● TASK TO COMPLETE
Copy every entry word for word, but skip the pictures.

● SUPPLIED DATA
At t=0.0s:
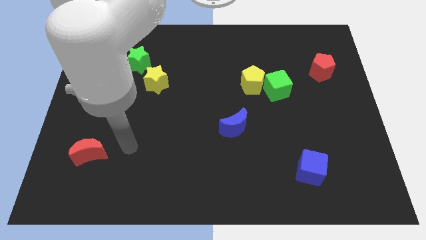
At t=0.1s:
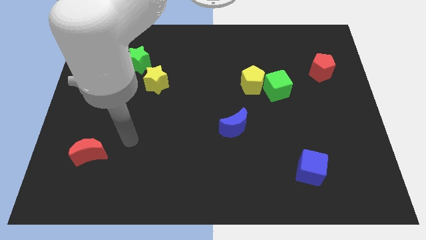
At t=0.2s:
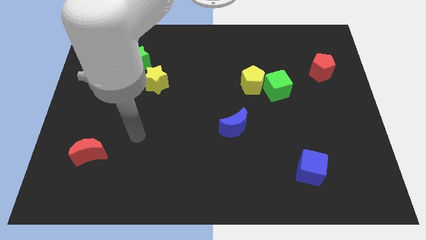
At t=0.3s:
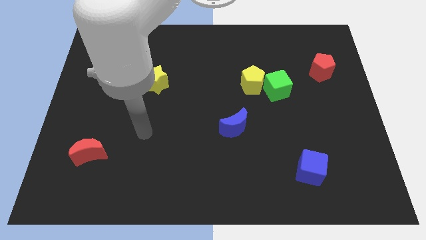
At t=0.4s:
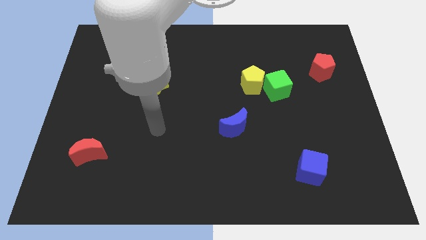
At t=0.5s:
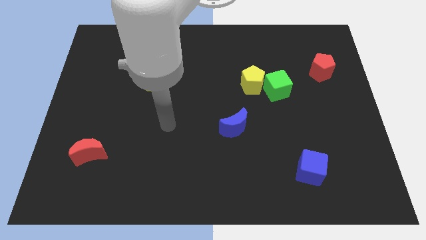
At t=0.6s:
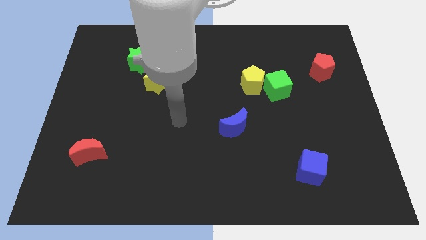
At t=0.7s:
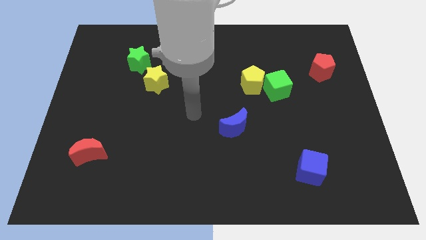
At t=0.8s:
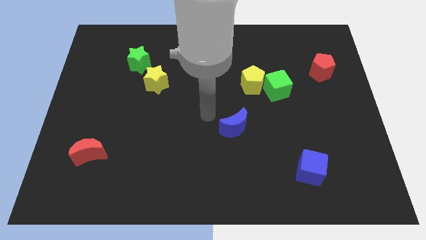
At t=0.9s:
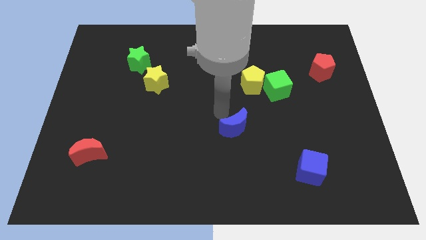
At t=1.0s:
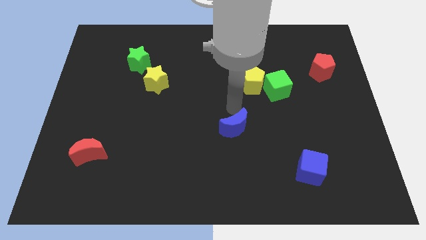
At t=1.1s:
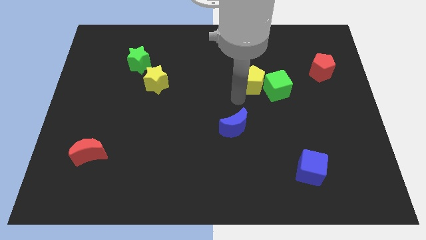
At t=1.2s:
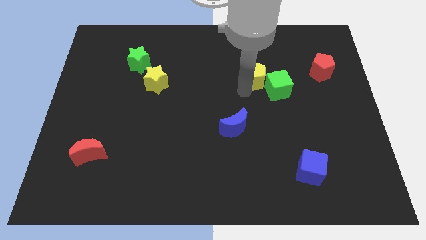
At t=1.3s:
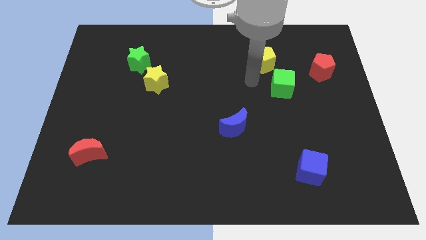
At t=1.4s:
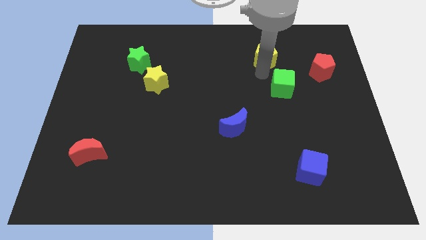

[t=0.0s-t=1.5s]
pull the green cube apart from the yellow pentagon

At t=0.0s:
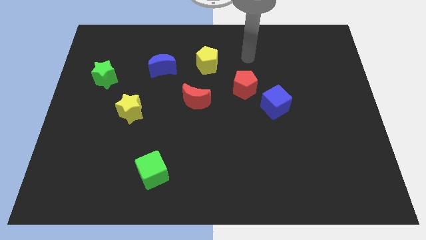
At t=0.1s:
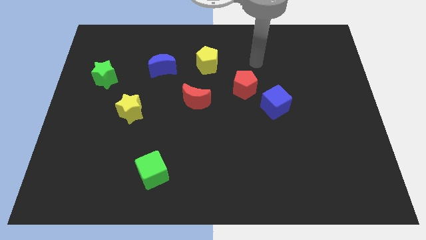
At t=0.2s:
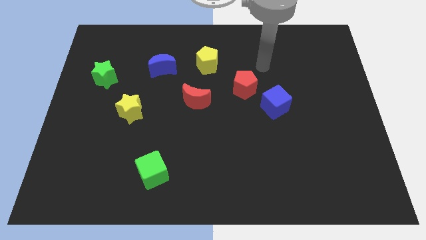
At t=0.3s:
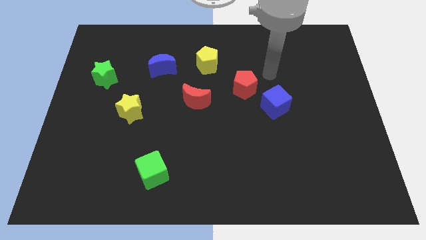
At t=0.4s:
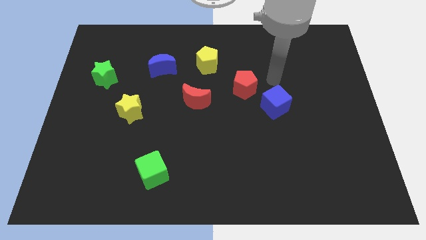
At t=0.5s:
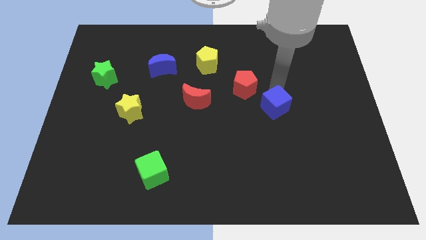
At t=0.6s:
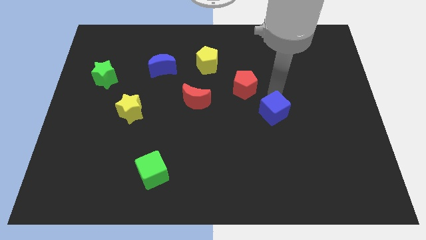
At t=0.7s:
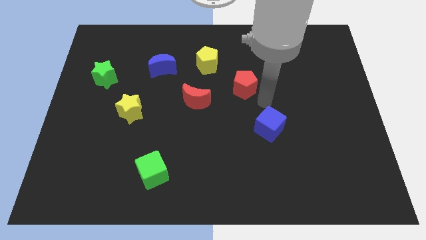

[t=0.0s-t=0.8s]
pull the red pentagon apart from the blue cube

● ANSWER BELOW
At t=0.0s:
At t=0.1s:
At t=0.2s:
At t=0.3s:
At t=0.4s:
At t=0.5s:
At t=0.6s:
At t=0.7s:
At t=0.8s:
At t=0.9s:
At t=1.0s:
At t=1.1s:
At t=1.2s:
At t=1.3s:
At t=1.4s:

[t=0.0s-t=1.5s]
pull the green cube apart from the yellow pentagon

At t=0.0s:
At t=0.1s:
At t=0.2s:
At t=0.3s:
At t=0.4s:
At t=0.5s:
At t=0.6s:
At t=0.7s:

[t=0.0s-t=0.8s]
pull the red pentagon apart from the blue cube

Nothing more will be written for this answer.